Grafana Loki is configured in a YAML file which contains information on the Loki server and its individual components.
Some of these need to be tweaked for network observability according to your cluster size, number of flows and sampling.
Use the following commands to update your loki config in an easy way.
Update zero-click-loki/2-loki.yaml or Update zero-click-loki/2-loki-tls.yamlwith your custom configuration.
Then replace the related config using:
oc replace --force -f config.yaml
The pod will restart automatically.
Update loki-microservices/1-prerequisites/config.yaml with your custom configuration.
Then replace the config using:
oc replace --force -f config.yaml
Restart all pods of loki
instance:
oc delete pods --selector app.kubernetes.io/instance=loki -n netobserv
LokiStack needs to be configured as Unmanaged
management state first to allow configmap updates.
Run the following command to get the lokistack-config
configmap in netobserv
namespace:
oc get configmap lokistack-config -n netobserv -o yaml | yq '.binaryData | map_values(. | @base64d)' > binaryData.txt
Update the binaryData.txt file accordingly.
Then run the following command to update lokistack-config
configmap in netobserv
namespace using the updated file:
BINARY_CONFIG=$(yq -o=json -I=0 'map_values(. | @base64)' binaryData.txt) && echo $BINARY_CONFIG
oc patch configmap lokistack-config -n netobserv -p '{"binaryData":'$BINARY_CONFIG'}'
Restart all pods of lokistack
instance:
oc delete pods --selector app.kubernetes.io/name=lokistack -n netobserv
The query frontend splits larger queries into multiple smaller queries, executing these queries in parallel on downstream queriers and stitching the results back together again. This prevents large (multi-day, etc) queries from causing out of memory issues in a single querier and helps to execute them faster.
Check Grafana official documentation
Some queries may be limited by the query scheduler. You will need to update the following configuration:
query_range:
parallelise_shardable_queries: true
query_scheduler:
max_outstanding_requests_per_tenant: 100
Ensure parallelise_shardable_queries
is set to true
and increase max_outstanding_requests_per_tenant
following your needs (default = 100). It’s reasonable to put a high value here as 2048
for example, however it will decrease multi-users queries performance.

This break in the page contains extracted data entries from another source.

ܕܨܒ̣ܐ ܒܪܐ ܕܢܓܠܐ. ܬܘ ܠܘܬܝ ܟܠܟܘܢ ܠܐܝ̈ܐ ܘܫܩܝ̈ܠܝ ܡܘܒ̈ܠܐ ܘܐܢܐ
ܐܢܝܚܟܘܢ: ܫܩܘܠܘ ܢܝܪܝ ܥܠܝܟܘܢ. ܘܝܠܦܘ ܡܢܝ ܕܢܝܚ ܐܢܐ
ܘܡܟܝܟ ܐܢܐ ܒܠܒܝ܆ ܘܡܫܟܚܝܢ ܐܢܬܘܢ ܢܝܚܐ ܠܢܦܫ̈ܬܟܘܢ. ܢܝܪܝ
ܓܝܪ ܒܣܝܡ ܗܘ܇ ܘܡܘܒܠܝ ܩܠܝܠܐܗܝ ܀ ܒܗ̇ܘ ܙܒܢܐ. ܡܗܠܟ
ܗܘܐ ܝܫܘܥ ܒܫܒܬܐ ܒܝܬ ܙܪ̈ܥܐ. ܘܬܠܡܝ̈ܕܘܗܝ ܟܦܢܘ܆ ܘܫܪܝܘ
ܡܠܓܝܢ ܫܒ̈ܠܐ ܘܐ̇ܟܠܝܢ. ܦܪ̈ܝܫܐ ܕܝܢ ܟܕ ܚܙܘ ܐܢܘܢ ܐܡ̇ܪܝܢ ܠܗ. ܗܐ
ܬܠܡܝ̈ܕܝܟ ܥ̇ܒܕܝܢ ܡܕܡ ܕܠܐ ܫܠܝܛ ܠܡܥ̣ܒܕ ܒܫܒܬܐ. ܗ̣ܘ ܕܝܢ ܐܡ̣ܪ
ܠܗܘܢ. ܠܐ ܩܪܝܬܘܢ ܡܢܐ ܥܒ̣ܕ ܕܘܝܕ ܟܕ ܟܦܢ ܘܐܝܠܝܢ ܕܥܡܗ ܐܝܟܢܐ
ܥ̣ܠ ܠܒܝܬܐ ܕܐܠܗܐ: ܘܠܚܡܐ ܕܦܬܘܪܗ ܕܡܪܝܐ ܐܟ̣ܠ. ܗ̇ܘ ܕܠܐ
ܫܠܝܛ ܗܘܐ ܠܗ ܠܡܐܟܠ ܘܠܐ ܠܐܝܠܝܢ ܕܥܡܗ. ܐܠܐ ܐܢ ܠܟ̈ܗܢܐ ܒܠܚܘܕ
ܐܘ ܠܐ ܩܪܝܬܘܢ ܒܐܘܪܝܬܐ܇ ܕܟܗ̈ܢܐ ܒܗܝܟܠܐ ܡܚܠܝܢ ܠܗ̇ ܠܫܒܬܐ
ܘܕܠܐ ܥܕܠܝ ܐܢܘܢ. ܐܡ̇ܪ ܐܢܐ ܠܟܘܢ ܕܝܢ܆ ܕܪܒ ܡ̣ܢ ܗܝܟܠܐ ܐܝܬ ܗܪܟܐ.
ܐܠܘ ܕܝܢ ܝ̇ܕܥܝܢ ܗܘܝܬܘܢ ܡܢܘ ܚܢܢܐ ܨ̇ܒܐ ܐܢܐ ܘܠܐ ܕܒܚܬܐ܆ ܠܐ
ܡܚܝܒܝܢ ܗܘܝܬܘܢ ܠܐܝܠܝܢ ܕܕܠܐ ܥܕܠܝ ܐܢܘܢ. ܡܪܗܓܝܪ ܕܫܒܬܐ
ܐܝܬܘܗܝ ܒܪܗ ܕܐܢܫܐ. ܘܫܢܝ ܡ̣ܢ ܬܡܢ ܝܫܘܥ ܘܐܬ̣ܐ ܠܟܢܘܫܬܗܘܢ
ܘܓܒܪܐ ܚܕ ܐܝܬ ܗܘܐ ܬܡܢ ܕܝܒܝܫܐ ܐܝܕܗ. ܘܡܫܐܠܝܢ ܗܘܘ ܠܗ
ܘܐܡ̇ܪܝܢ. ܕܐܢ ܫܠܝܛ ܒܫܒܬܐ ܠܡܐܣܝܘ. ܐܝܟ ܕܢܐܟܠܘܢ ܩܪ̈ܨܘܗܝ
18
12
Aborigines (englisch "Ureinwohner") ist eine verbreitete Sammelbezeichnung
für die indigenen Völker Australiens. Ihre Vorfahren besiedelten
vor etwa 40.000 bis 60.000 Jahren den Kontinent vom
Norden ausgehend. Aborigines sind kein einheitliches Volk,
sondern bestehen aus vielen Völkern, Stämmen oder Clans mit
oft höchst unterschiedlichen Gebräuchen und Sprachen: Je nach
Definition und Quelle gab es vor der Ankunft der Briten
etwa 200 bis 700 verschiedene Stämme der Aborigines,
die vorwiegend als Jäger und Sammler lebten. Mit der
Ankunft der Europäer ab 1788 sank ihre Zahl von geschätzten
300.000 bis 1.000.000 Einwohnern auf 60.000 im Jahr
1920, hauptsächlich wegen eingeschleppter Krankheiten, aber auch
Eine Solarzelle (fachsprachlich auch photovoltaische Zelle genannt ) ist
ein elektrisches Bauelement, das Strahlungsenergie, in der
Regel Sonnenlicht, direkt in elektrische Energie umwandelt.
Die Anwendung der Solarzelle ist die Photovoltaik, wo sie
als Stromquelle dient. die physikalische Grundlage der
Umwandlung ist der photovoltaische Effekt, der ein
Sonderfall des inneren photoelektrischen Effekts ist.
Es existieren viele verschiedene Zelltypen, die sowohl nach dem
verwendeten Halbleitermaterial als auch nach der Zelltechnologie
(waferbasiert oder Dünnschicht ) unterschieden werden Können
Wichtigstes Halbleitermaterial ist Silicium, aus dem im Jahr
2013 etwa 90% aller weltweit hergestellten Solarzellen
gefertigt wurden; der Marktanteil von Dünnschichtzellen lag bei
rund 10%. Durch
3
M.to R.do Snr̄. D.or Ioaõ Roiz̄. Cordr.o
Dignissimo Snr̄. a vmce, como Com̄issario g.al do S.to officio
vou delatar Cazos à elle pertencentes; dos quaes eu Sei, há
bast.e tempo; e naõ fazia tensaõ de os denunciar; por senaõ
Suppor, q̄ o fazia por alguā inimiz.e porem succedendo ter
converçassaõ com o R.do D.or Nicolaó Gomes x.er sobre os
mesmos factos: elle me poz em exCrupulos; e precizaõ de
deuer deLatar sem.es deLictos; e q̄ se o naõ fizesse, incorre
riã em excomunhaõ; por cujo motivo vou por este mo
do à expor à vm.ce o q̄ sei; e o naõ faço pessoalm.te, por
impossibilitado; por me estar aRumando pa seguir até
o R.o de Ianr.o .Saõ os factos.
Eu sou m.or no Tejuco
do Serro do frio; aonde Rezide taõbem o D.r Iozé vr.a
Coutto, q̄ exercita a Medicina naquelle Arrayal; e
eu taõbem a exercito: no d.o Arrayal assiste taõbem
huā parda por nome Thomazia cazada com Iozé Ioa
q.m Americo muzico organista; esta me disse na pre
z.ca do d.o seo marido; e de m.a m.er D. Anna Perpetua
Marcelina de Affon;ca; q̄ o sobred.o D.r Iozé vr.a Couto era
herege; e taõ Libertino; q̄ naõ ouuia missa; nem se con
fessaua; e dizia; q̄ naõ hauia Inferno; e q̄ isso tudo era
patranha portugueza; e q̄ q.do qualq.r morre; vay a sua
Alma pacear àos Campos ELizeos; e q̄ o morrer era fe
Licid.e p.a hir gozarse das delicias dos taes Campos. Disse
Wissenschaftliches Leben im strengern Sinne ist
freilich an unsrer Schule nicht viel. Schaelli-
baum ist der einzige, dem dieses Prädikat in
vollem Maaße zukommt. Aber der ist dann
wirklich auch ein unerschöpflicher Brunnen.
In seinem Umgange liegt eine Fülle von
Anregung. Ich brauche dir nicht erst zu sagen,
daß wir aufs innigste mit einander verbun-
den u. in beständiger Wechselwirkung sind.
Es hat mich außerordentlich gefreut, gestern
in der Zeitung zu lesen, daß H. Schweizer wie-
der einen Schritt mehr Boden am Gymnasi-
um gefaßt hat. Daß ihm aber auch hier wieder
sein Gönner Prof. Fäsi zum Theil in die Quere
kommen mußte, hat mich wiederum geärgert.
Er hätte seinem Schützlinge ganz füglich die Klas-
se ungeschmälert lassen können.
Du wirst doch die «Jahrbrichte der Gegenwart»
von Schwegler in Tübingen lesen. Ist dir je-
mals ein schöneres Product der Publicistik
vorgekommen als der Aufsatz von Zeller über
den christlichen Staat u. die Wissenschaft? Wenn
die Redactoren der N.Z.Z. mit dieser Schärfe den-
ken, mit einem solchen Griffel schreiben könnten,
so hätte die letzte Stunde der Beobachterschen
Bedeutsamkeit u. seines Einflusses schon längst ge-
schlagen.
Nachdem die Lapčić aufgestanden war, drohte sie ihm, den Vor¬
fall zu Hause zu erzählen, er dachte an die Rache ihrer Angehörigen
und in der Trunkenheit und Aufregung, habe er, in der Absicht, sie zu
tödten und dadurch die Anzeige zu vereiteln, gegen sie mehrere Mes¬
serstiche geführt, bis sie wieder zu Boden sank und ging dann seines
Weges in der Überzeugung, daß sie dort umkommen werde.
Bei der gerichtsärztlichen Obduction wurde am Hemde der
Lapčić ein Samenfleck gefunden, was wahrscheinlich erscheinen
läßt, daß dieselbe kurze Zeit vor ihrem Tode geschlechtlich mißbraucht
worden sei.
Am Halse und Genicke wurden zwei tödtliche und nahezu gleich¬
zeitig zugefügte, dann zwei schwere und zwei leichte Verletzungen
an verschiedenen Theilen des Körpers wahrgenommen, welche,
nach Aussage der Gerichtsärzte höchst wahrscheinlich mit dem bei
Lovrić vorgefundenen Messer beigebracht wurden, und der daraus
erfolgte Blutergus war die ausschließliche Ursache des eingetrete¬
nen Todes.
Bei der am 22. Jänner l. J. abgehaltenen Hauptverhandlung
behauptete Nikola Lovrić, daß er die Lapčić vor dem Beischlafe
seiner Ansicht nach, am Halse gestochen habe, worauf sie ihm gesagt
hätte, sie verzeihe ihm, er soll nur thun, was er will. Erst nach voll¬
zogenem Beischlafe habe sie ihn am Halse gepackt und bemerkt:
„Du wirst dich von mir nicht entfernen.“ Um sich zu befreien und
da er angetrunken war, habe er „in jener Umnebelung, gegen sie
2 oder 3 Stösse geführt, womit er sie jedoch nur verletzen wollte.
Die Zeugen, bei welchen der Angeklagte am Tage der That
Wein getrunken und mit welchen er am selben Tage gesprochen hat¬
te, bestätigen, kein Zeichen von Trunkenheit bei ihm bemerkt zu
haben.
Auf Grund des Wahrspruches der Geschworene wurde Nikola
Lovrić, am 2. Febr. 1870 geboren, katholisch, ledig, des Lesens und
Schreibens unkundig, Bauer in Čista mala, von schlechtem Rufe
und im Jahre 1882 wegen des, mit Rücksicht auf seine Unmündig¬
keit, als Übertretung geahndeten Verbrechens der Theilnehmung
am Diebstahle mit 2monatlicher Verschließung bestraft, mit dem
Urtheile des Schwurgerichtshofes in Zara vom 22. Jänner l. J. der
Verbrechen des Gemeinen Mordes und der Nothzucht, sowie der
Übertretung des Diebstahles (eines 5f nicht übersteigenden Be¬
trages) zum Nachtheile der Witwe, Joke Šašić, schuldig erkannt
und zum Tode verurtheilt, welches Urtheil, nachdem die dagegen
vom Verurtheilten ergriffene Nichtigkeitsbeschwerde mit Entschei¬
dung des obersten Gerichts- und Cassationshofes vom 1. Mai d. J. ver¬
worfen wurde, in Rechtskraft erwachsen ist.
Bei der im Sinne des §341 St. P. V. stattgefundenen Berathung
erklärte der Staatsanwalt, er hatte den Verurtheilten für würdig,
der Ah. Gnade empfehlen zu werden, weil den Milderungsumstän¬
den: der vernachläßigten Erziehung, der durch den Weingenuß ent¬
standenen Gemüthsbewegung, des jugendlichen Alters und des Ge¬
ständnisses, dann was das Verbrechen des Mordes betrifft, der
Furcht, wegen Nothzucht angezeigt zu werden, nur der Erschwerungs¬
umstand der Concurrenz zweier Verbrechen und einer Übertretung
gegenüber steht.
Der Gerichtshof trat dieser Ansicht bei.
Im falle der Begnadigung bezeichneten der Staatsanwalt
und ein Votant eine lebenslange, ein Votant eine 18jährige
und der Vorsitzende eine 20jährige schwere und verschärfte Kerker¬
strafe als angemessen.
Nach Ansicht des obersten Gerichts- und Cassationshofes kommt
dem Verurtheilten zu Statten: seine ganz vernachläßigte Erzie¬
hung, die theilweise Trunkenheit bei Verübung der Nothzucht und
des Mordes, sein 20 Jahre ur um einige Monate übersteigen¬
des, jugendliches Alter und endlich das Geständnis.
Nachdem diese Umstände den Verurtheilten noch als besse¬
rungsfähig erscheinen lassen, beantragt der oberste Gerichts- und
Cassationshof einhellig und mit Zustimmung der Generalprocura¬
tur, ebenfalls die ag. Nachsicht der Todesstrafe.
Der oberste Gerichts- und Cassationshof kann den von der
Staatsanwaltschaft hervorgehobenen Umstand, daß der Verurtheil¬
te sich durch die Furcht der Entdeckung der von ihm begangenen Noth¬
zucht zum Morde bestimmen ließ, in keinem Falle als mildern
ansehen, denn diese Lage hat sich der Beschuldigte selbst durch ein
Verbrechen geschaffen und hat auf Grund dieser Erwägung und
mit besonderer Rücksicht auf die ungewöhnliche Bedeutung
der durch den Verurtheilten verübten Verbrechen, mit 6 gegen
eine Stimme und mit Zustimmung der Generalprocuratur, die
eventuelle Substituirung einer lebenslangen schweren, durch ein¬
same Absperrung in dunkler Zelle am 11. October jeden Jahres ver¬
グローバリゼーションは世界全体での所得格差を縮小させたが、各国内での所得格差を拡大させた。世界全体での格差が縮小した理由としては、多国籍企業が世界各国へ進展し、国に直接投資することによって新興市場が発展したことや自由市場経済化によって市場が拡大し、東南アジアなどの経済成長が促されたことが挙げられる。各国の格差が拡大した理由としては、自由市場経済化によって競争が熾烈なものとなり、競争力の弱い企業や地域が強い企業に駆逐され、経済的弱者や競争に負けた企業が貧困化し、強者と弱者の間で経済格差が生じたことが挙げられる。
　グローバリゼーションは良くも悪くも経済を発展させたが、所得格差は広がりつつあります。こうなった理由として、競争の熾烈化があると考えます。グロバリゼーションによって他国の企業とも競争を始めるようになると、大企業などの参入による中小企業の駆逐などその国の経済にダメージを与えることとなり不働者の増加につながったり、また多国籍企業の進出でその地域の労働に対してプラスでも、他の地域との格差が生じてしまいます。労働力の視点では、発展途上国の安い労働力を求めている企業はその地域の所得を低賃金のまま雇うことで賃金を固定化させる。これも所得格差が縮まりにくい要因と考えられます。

Check query_scheduler configuration for more details.
The messages containing bulks of records received by Loki distributor and exchanged between components have a maximum size in bytes set by the following parameters:
server:
grpc_server_max_recv_msg_size: 4194304
grpc_server_max_send_msg_size: 4194304
By default the size is 4194304
= 4Mb
. It’s reasonable to increase it to 8388608
= 8Mb
.
While collecting flows and enriching them, a latency appears between the current time and records. This particularly applies when using Kafka on large clusters.
Loki can be configured to reject old samples using the following configuration:
limits_config:
reject_old_samples_max_age: 168h
On top of that, Loki logs are written in chunks in order by time. If a message received is too old than the most recent one, it will be out-of-order
.
To accept messages within a specific time range, use the following configuration:
ingester:
max_chunk_age: 2h
Be careful, Loki calculates the earliest time that out-of-order entries may have and be accepted with:
time_of_most_recent_line - (max_chunk_age / 2)
Check accept out-of-order writes documentation for more info.
The number of active streams can be limited per user per ingester (unlimited by default) or per user across the cluster (default = 5000).
To update these limits, you can tweak the following values:
limits_config:
max_streams_per_user: 0
max_global_streams_per_user: 5000
It’s not recommended to disable both using 0
. You may set max_streams_per_user
to 5000
using multiple ingesters and disable max_global_streams_per_user
or increase max_global_streams_per_user
value instead.
Check limits_config for more details.
Ingestion is limited in terms of sample size per second as ingestion_rate_mb
and per distributor local rate as ingestion_burst_size_mb
:
limits_config:
ingestion_rate_mb: 4
ingestion_burst_size_mb: 6
It’s common to put more than 10Mb
on each. You can safely increase these two values but keep an eye on your ingester performances and on your storage size.
Check limits_config for more details.
Metric queries are limited in terms of unique series count. You can increase max_query_series
up to 10000
if you get maximum of series reached for a single query
error in the console plugin.
We don’t recommend to go above 10000
since it affects both query frontend stability and browser rendering performance.
Check limits_config for more details.